ADVANCE FOR RELEASE AT 4:30 P.M. EST                       BJS
WEDNESDAY, NOVEMBER 3, 1999                      202/307-0784 
revised 11/19/99


     WASHINGTON, D.C.   The rate of human
immunodeficiency virus (HIV) infection among state and federal
prisoners dropped from 2.2 percent in 1996 to 2.1 percent in 1997,
according to a new bulletin released today by the Justice
Department's Bureau of Justice Statistics (BJS).  There were
23,548 HIV-infected inmates at the end of 1997, down from
23,881 in 1996.  In 1997, 22,518 state prisoners and 1,030 federal
prisoners were known to be HIV positive. 
     The number of deaths due to AIDS dropped from 907 in
1996 to 538 in 1997.  The rate of death due to AIDS dropped
sharply from 100 deaths per 100,000 state inmates in 1995 (the
highest rate recorded) to 48 deaths per 100,000 inmates in 1997. 

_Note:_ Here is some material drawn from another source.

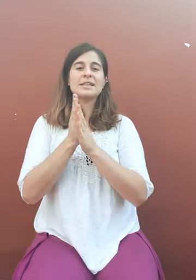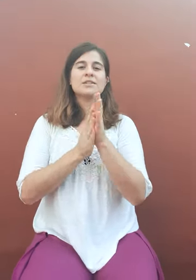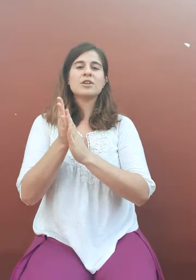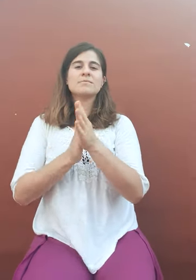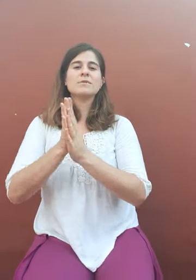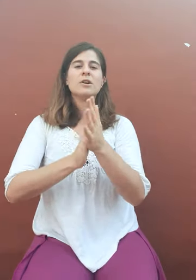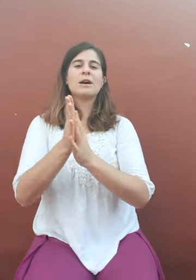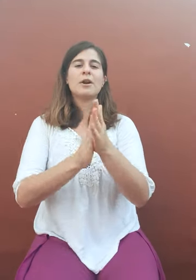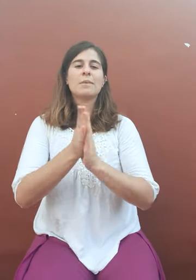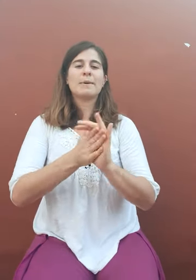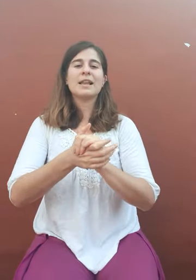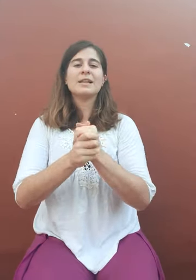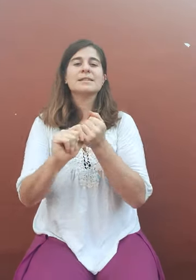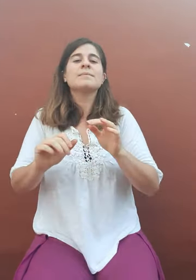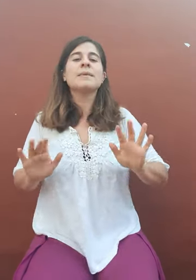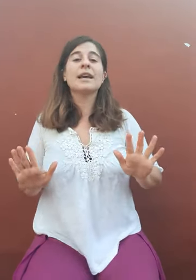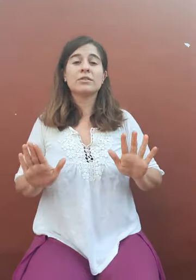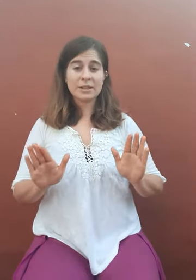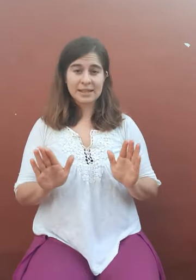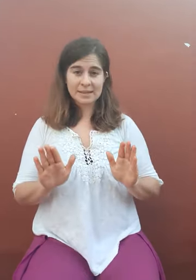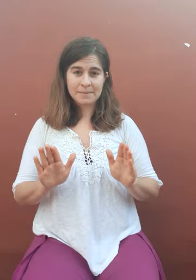Atención, con las manos preparadas, esto dice así

Between 1991 (the first year of data collection) and 1996 about one
in three state prisoner deaths were attributable to AIDS.  During
1997 it was about one in five.
     Of inmates known to be HIV positive, 6,184 had confirmed
AIDS, while 16,503 either showed symptoms of HIV infection or
were asymptomatic.  Between 1991 and 1997 the number of
inmates with confirmed AIDS increased by more than 4,500 -- an
increase of  over 24 percent per year.  At year end 1997 the rate of
confirmed AIDS in prison (55 per 10,000 inmates) was at least 5
times the rate in the U.S. general population (10 per 10,000 U.S.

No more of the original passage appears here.